Impasse politique, Israël dans la m...

 


IMPASSE POLITIQUE, ISRAËL DANS LA M…


Par Jacques BENILLOUCHE

Copyright © Temps et Contretemps

La délégation du Likoud pour la consultation avec le président Rivlin

          A certains moments, il faut être vulgaire pour marquer la désapprobation face à une classe politique qui n’arrive pas à s’entendre pour résoudre le problème de la gouvernance. Il est impossible de comprendre l’inconséquence des partis qui laissent le pays sans budget et sans gouvernement stable. L’intérêt personnel transcende l’intérêt de l’État en pleine crise sanitaire, économique et sociale. Les dirigeants ont marqué, un peu dans l'urgence, leur préférence auprès du président de l’État sans donner une majorité claire. Netanyahou a obtenu 52 recommandations, Lapid 45 et Bennett 7, loin des 61 sièges exigés. Les deux partis arabes et plus étonnant encore Gideon Saar se sont abstenus.


Reuven Rivlin reçoit , Orna Barbivai, Meir Cohen et Karin Elharrar de Yesh Atid


Pour Bennett et Saar il s’agit soit d’un manque de courage évident car après avoir matraqué le premier ministre dans leur discours, ils ont choisi l’incertitude pour marquer en fait l’échec de leurs résultats, soit d’une posture calculée. Ils s’attendaient à dépasser les dix sièges, voire 15 comme au début de la campagne mais ils sont tombés dans un trou électoral qui les a laissés amers au point de punir les électeurs, et surtout le pays. Les résultats auraient pu les rendre plus pragmatiques en choisissant l’un ou l’autre des camps, mais ils ont préféré la solution honteuse du «moi ou le chaos».

            Réouven Rivlin a voulu faire les choses dans la transparence en recevant les délégations des partis face aux médias, volontairement pour montrer leur inconséquence mais il les a poussés à ne pas sortir de leur ligne prédéfinie. Dans le secret des alcôves, il aurait pu les convaincre d’agir pour le bien du pays, aurait pu arbitrer certains choix, aurait pu conseiller certaines vedettes déchues à se montrer plus nobles.
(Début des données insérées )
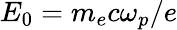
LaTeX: E_{0}=m_{e}c\omega_{p}/e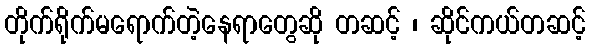
တိုက်ရိုက်မရောက်တဲ့နေရာတွေဆို တဆင့် ၊ ဆိုင်ကယ်တဆင့်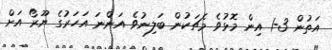
އަތުން 3-1 އިން މޮޅުވެ މެޗަކުން ބަލިނުވެ އަންނަ އަހަރުގެ ޔޫރޯ އަށް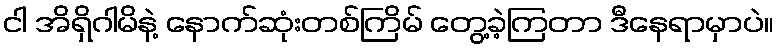
ငါ အိရှိဂါမိနဲ့ နောက်ဆုံးတစ်ကြိမ် တွေ့ခဲ့ကြတာ ဒီနေရာမှာပဲ။

Mais face à la presse, les politiques devaient se montrer inflexibles dans leurs convictions quitte à prolonger indéfiniment la crise politique. Trop de transparence tue la négociation politique. Comme dans tout choix, il fallait imposer aux partis deux options mais les leaders pouvaient difficilement se déjuger face aux caméras.

Réouven Rivlin consulte le Parti sioniste religieux 

            Ayelet Shaked est arrivée en retard au rendez-vous présidentiel. En communication avec son chef de parti Bennett qui négociait encore avec Lapid, elle a passé plus de temps dans sa voiture que dans le bureau du président, repoussant jusqu’à la dernière minute l’instant où elle devait faire part de son choix. Il en était de même du parti Nouvel espoir de Saar qui faisait le lien entre Lapid et Bennett et qui dans le doute des résultats des négociations secrètes a préféré choisir la neutralité.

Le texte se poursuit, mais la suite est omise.